== How to complete this task ==
Below are the records to transcribe exactly; do not include any images.

[Recorded data]

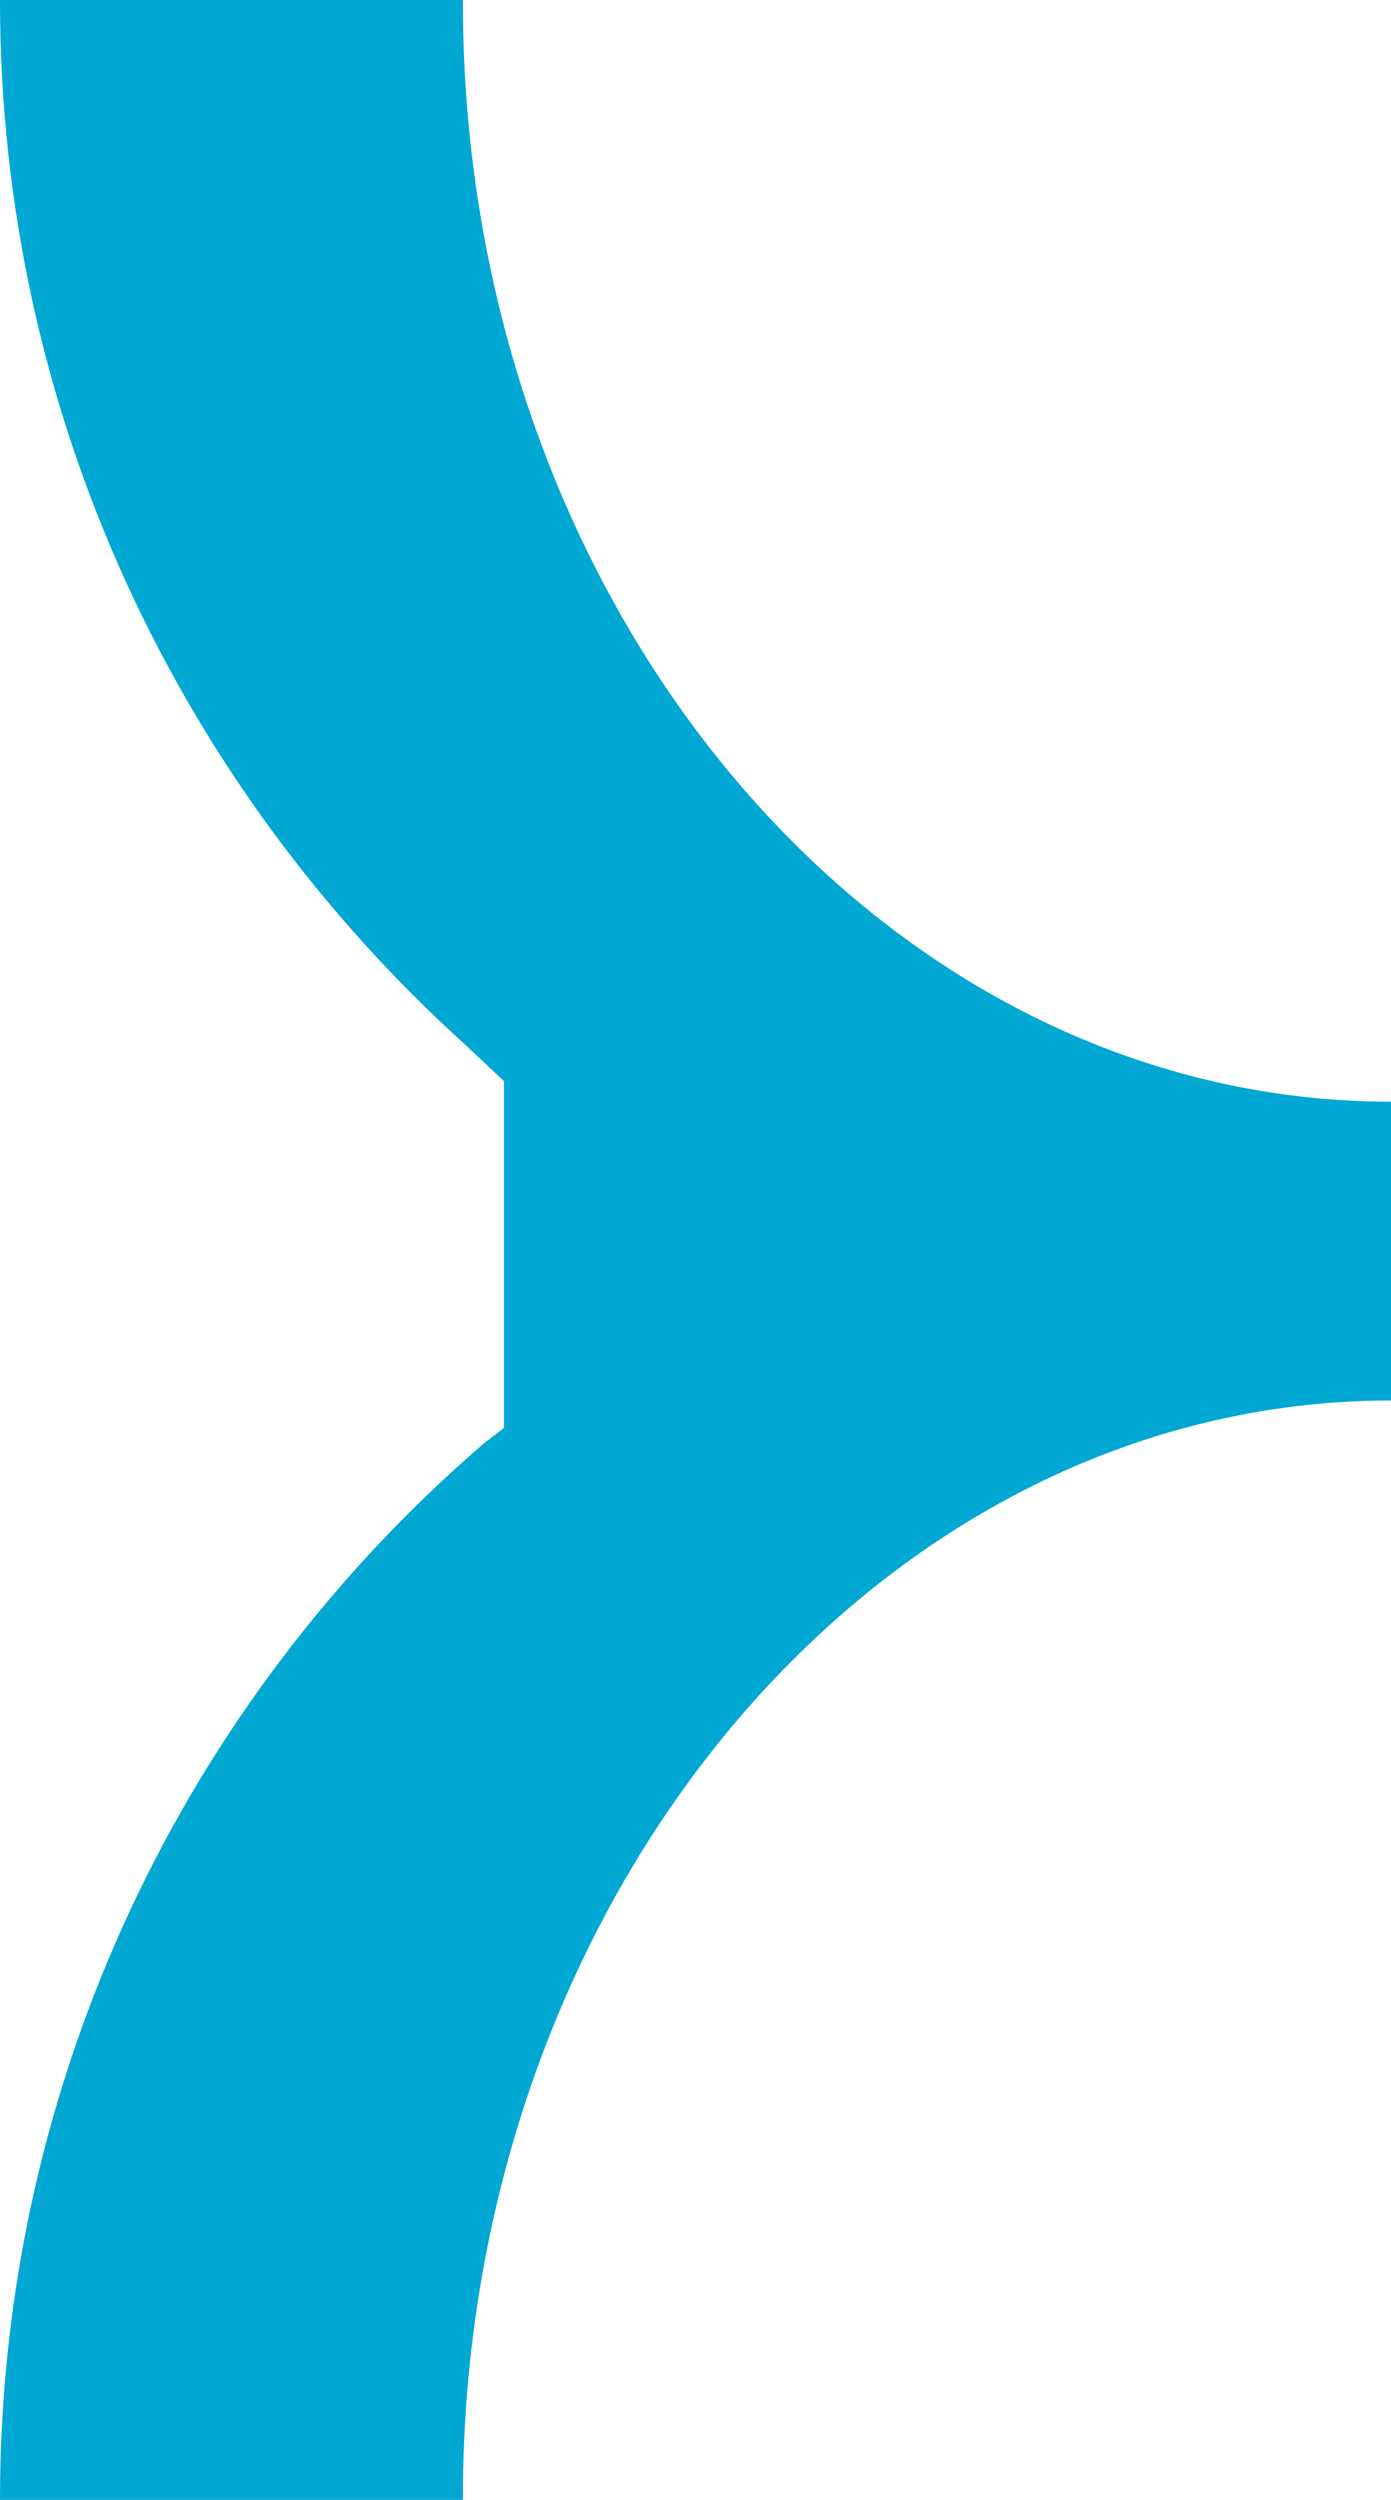 <?xml version="1.0" encoding="utf-8"?>
<!-- Generator: Adobe Illustrator 23.0.0, SVG Export Plug-In . SVG Version: 6.00 Build 0)  -->
<svg version="1.1" id="Layer_1" xmlns="http://www.w3.org/2000/svg" xmlns:xlink="http://www.w3.org/1999/xlink" x="0px" y="0px"
	 viewBox="0 0 61 109.6" style="enable-background:new 0 0 61 109.6;" xml:space="preserve">
<path style="fill:#00A8D3;" d="M61,48.3c-22.4,0-40.7-21.6-40.7-48.2V0H0c0,18.2,7.9,34.5,20.4,45.8l1.7,1.6v15.2l-0.9,0.7
	C8.2,74.5,0,91.1,0,109.6h20.3v-0.1C20.3,83,38.6,61.4,61,61.4l0,0l0,0V48.3L61,48.3L61,48.3"/>
</svg>

== Exercise output ==
 <?xml version="1.0" encoding="utf-8"?>
<!-- Generator: Adobe Illustrator 23.0.0, SVG Export Plug-In . SVG Version: 6.00 Build 0)  -->
<svg version="1.1" id="Layer_1" xmlns="http://www.w3.org/2000/svg" xmlns:xlink="http://www.w3.org/1999/xlink" x="0px" y="0px"
	 viewBox="0 0 61 109.6" style="enable-background:new 0 0 61 109.6;" xml:space="preserve">
<path style="fill:#00A8D3;" d="M61,48.3c-22.4,0-40.7-21.6-40.7-48.2V0H0c0,18.2,7.9,34.5,20.4,45.8l1.7,1.6v15.2l-0.9,0.7
	C8.2,74.5,0,91.1,0,109.6h20.3v-0.1C20.3,83,38.6,61.4,61,61.4l0,0l0,0V48.3L61,48.3L61,48.3"/>
</svg>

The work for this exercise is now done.